Dystrofia mięśni typu Duchenne'a jest okrutnym schorzeniem.
- To choroba uwarunkowana genetycznie. Dotyka tylko chłopców. Zanik mięśni ujawnia się, gdy dzieci mają kilka lat. Pierwsze objawy można zaobserwować nawet u dzieci dwuletnich - tłumaczy Grażyna Nizik-Kierkun, specjalista neurolog dziecięcy, która kiedyś miała pod opieką Mariusza, a dziś jest członkinią stowarzyszenia jego imienia. - Dzieci są osłabione. Brakuje im sił, by chodzić. Mają problemy, by wejść po schodach. O bieganiu nawet nie ma mowy. Choroba początkowo atakuje nogi i ręce. Chód jest kaczkowaty. Dzieci muszą przesiąść się na wózki inwalidzkie. Z czasem zanik mięśni prowadzi do niewydolności oddechowej, serca. Choroba rozwija się, prowadząc w efekcie do... śmierci w bardzo młodym wieku. Niestety, jak dotąd nie wynaleziono na tę chorobę lekarstwa. Z kolei z innym typem dystrofii chorzy mogą przeżyć długie lata.

“Pozwólmy żyć"

Stowarzyszenie "Pozwólmy żyć" imienia Mariusza Krzykowskiego działa od niedawna. Pani Jadwiga jest jego prezesem. Wśród dwudziestu osób w nim zrzeszonych są, oprócz rodziców dzieci z zanikiem mięśni, lekarze, rehabilitanci, psycholodzy, kapłani, prawnicy. Ich pragnieniem jest zapewnienie dzieciom z zanikiem mięśni odpowiedniej rehabilitacji, a w przyszłości - stworzenie specjalistycznego ośrodka, w którym mogłyby znaleźć pomoc.

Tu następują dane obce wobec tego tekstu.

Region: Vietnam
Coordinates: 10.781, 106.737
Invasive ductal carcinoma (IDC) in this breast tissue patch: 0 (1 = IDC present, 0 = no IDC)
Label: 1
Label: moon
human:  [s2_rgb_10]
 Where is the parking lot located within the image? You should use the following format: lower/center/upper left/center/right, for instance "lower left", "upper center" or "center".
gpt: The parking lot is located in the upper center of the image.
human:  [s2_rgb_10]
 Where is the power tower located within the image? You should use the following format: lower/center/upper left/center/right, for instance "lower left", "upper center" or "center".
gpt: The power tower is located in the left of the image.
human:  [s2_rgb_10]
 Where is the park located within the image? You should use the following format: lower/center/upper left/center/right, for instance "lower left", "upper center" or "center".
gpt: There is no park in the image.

Jedynym sposobem na przedłużenie życia tych dzieci, jest codzienna, żmudna rehabilitacja. Tymczasem Narodowy Fundusz Zdrowia finansuje tylko 80 godzin rehabilitacji rocznie. To dla tych dzieci zbyt mało!
- W Polsce rehabilitacja dzieci z dystrofią odbywa się pro forma, tak żeby nikt się nie czepiał, że państwo nie wykonuje swoich konstytucyjnych obowiązków - mówi bez ogródek Marek Sobolewski, rehabilitant z 25-letnim doświadczeniem, członek stowarzyszenia. - Te dzieci w rzeczywistości są wyrzucone poza nawias. Nam chodzi o to, by stworzyć instytucję do niesienia im kompleksowej pomocy: rehabilitacji, ale także poradnictwa edukacyjnego, psychologicznego (często rodziny nie wiedzą, jak odnaleźć się w tej sytuacji). W Ostrołęce i okolicach te dzieci i ich rodzice są rozproszeni.

Rehabilitant podkreśla, że dzieci z dystrofią typu Duchenne'a mają krótki czas życia. Ale zasługują na to, żeby je przeżyć godnie, nie odsunięte na bok.
- Pomysł na powstanie specjalistycznego ośrodka dla dzieci z dystrofią mięśniową był sugestią, a zarazem marzeniem Mariuszka - opowiada pani Jadwiga ze łzami w oczach. - On często powtarzał, że dobrze byłoby żeby był ośrodek wyposażony w odpowiedni sprzęt i pomoce medyczne.

Więcej na ten temat przczytacie w najbliższym papierowym wydaniu Tygodnika Ostrołęckiego.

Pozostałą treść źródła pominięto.